WHAT THIS TASK INVOLVES: Please copy every line of the records below that holds the word "given".

Saved data entries
☆ ☆ ☆ ☆ ☆
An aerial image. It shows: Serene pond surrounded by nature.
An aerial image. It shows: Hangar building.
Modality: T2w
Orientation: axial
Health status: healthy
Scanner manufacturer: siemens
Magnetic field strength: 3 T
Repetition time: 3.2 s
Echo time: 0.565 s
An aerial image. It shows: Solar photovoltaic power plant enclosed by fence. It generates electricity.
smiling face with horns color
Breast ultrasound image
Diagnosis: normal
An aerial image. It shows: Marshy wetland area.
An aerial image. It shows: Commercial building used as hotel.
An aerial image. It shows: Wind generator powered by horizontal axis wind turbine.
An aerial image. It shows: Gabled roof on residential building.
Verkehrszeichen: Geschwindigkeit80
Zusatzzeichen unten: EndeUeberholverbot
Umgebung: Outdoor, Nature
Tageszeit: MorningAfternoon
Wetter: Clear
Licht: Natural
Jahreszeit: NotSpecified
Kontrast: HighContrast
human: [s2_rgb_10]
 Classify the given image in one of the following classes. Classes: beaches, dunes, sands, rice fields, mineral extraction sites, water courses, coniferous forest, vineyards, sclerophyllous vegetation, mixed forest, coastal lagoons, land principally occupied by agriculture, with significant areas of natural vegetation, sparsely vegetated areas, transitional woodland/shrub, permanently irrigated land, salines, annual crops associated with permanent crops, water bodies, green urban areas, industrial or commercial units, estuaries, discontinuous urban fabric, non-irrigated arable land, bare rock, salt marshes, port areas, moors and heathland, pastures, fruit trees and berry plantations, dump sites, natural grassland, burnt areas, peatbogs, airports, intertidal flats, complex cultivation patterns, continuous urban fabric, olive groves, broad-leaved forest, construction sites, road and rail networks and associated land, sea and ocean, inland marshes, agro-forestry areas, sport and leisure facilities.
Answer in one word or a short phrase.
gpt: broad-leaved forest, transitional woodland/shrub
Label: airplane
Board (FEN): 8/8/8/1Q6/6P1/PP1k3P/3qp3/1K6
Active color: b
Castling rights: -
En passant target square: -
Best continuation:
☆ ☆ ☆ ☆ ☆
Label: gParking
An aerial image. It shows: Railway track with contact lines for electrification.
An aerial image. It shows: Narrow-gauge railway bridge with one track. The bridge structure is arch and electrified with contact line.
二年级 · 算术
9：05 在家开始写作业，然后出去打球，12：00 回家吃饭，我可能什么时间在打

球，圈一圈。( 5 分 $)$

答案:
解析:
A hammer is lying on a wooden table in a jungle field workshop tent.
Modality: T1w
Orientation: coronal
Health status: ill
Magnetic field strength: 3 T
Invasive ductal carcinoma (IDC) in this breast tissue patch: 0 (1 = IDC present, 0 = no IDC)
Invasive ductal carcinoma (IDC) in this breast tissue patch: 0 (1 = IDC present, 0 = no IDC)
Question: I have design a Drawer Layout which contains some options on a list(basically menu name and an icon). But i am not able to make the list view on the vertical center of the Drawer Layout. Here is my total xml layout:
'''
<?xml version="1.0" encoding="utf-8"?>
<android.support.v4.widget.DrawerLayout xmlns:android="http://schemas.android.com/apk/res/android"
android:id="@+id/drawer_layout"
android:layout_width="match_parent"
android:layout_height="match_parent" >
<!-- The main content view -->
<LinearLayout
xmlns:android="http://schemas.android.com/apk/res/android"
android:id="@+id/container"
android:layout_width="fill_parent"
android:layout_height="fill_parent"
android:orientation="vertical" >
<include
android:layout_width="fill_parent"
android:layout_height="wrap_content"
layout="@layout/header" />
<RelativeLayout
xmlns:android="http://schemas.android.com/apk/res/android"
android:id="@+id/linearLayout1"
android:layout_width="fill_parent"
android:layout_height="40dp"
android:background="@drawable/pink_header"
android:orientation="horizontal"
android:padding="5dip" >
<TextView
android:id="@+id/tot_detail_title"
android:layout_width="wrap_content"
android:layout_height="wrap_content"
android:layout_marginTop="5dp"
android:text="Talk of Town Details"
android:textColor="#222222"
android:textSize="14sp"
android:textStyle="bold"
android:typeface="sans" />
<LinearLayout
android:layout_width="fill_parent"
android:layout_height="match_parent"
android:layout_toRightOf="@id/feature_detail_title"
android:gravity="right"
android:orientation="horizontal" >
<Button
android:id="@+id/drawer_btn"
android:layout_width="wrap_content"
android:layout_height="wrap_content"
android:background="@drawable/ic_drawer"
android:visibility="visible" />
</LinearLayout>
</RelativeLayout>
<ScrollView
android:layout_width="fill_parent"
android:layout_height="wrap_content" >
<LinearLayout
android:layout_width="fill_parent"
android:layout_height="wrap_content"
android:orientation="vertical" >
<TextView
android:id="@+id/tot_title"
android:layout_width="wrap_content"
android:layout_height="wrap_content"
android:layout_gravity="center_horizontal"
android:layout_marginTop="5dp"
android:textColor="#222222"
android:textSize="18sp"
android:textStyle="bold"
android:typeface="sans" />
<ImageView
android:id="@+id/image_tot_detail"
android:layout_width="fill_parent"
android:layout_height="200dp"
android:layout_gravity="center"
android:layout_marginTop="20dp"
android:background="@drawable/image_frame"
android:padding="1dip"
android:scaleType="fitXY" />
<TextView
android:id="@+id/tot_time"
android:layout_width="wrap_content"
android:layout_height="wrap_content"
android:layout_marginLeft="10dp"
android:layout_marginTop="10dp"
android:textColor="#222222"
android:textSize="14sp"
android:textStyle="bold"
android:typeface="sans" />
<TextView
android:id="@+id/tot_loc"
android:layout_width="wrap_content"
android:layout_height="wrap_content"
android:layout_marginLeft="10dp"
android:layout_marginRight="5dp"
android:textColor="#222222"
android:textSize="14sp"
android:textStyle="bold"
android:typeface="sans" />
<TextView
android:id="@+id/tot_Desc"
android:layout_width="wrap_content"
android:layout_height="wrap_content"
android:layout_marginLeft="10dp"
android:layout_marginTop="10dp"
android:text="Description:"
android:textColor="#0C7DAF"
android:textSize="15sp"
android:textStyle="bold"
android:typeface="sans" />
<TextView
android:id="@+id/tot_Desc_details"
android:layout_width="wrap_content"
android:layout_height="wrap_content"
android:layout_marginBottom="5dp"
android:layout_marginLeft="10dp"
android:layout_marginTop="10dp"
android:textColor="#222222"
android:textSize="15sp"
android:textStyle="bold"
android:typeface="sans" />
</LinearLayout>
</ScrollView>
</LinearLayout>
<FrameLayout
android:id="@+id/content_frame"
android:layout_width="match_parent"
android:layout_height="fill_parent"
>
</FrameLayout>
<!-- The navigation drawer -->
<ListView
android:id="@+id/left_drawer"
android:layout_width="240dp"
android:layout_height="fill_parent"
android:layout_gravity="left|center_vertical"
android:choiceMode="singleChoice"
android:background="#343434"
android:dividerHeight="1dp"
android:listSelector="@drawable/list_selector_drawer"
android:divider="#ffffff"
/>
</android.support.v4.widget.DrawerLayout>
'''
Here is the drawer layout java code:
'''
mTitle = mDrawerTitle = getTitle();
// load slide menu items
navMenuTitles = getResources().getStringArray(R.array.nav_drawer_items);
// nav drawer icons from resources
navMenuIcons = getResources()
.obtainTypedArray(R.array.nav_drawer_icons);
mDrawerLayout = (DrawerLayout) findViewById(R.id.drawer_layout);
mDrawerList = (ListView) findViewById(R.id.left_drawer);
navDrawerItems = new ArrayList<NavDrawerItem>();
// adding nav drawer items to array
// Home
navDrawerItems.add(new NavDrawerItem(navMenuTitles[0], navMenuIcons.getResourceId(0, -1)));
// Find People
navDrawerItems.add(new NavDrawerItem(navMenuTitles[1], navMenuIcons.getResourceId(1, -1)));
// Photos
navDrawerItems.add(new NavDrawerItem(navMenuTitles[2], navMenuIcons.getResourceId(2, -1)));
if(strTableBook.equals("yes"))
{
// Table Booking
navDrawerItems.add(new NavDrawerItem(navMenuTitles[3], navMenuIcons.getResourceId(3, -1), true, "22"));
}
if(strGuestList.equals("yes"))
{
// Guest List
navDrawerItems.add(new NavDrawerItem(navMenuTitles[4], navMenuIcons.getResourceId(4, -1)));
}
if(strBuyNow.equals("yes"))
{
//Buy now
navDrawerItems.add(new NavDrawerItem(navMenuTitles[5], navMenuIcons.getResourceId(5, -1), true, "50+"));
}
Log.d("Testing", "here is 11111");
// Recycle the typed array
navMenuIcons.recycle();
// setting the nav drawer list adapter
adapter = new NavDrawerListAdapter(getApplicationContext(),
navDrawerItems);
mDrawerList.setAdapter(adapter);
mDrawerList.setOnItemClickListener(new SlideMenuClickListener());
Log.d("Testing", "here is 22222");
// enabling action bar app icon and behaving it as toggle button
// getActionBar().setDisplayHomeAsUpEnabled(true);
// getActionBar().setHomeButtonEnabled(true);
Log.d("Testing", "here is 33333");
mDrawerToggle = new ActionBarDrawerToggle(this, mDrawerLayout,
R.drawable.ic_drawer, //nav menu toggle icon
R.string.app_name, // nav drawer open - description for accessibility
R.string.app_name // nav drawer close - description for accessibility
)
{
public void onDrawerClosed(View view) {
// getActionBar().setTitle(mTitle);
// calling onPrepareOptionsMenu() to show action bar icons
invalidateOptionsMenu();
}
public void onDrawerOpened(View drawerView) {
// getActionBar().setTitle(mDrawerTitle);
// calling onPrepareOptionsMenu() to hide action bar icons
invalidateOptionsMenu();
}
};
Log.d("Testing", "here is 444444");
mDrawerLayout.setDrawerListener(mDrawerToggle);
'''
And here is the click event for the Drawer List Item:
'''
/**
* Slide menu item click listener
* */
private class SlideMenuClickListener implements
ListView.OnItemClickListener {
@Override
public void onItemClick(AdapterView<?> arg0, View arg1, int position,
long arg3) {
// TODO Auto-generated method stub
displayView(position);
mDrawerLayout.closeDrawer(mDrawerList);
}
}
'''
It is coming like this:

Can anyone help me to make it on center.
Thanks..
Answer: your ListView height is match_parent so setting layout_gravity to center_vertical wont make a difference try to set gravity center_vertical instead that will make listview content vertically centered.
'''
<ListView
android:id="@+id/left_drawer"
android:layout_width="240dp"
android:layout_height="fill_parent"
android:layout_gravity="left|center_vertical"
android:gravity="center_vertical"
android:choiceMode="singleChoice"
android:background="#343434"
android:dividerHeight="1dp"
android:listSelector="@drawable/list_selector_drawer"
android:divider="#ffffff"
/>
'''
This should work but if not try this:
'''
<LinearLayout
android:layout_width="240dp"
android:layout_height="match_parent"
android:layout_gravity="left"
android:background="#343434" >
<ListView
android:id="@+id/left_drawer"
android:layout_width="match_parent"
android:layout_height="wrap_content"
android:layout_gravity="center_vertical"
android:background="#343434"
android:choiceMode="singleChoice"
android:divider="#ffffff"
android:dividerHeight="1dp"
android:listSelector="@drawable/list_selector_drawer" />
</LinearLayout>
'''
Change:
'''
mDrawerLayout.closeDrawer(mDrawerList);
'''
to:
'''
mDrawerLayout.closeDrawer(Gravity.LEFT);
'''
☆ ☆ ☆ ☆ ☆
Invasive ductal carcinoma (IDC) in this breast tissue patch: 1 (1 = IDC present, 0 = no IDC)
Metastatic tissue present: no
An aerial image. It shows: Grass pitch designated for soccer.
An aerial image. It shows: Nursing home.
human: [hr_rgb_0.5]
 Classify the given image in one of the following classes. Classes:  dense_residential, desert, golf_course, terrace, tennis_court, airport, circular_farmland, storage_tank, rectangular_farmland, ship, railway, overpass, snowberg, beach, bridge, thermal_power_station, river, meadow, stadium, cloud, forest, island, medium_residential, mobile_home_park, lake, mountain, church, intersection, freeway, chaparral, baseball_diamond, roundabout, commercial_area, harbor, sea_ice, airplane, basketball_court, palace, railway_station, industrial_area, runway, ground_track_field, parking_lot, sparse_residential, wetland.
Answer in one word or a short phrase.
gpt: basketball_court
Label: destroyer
☆ ☆ ☆ ☆ ☆
SOLUTION:
 Classify the given image in one of the following classes. Classes: beaches, dunes, sands, rice fields, mineral extraction sites, water courses, coniferous forest, vineyards, sclerophyllous vegetation, mixed forest, coastal lagoons, land principally occupied by agriculture, with significant areas of natural vegetation, sparsely vegetated areas, transitional woodland/shrub, permanently irrigated land, salines, annual crops associated with permanent crops, water bodies, green urban areas, industrial or commercial units, estuaries, discontinuous urban fabric, non-irrigated arable land, bare rock, salt marshes, port areas, moors and heathland, pastures, fruit trees and berry plantations, dump sites, natural grassland, burnt areas, peatbogs, airports, intertidal flats, complex cultivation patterns, continuous urban fabric, olive groves, broad-leaved forest, construction sites, road and rail networks and associated land, sea and ocean, inland marshes, agro-forestry areas, sport and leisure facilities.
 Classify the given image in one of the following classes. Classes:  dense_residential, desert, golf_course, terrace, tennis_court, airport, circular_farmland, storage_tank, rectangular_farmland, ship, railway, overpass, snowberg, beach, bridge, thermal_power_station, river, meadow, stadium, cloud, forest, island, medium_residential, mobile_home_park, lake, mountain, church, intersection, freeway, chaparral, baseball_diamond, roundabout, commercial_area, harbor, sea_ice, airplane, basketball_court, palace, railway_station, industrial_area, runway, ground_track_field, parking_lot, sparse_residential, wetland.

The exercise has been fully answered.